### Provided data
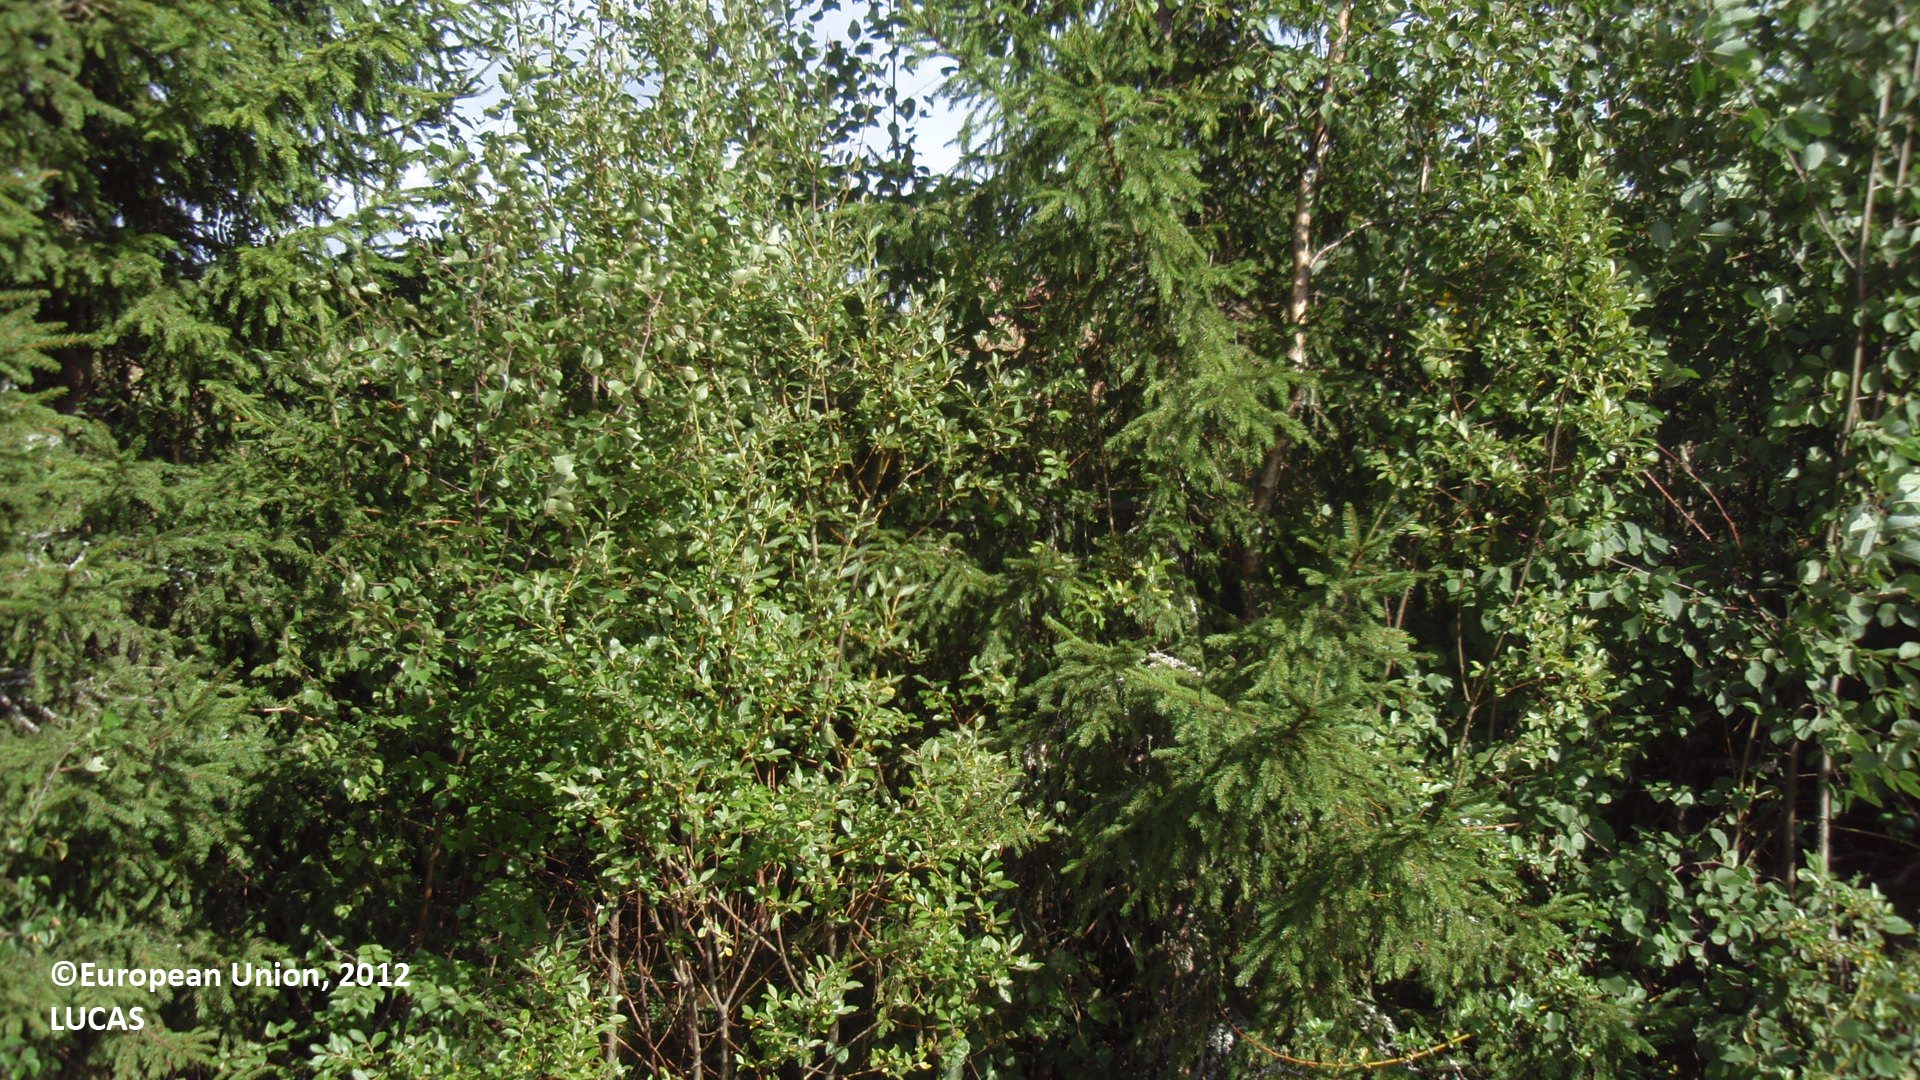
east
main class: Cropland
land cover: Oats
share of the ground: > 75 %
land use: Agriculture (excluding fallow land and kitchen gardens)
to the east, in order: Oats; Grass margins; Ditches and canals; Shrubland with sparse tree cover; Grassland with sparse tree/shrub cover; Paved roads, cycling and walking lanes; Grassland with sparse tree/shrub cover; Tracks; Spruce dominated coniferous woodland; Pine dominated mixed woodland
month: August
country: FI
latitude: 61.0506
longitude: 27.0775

### Task statement
Give the records back exactly, with no pictures.

### Solved problem
east
main class: Cropland
land cover: Oats
share of the ground: > 75 %
land use: Agriculture (excluding fallow land and kitchen gardens)
to the east, in order: Oats; Grass margins; Ditches and canals; Shrubland with sparse tree cover; Grassland with sparse tree/shrub cover; Paved roads, cycling and walking lanes; Grassland with sparse tree/shrub cover; Tracks; Spruce dominated coniferous woodland; Pine dominated mixed woodland
month: August
country: FI
latitude: 61.0506
longitude: 27.0775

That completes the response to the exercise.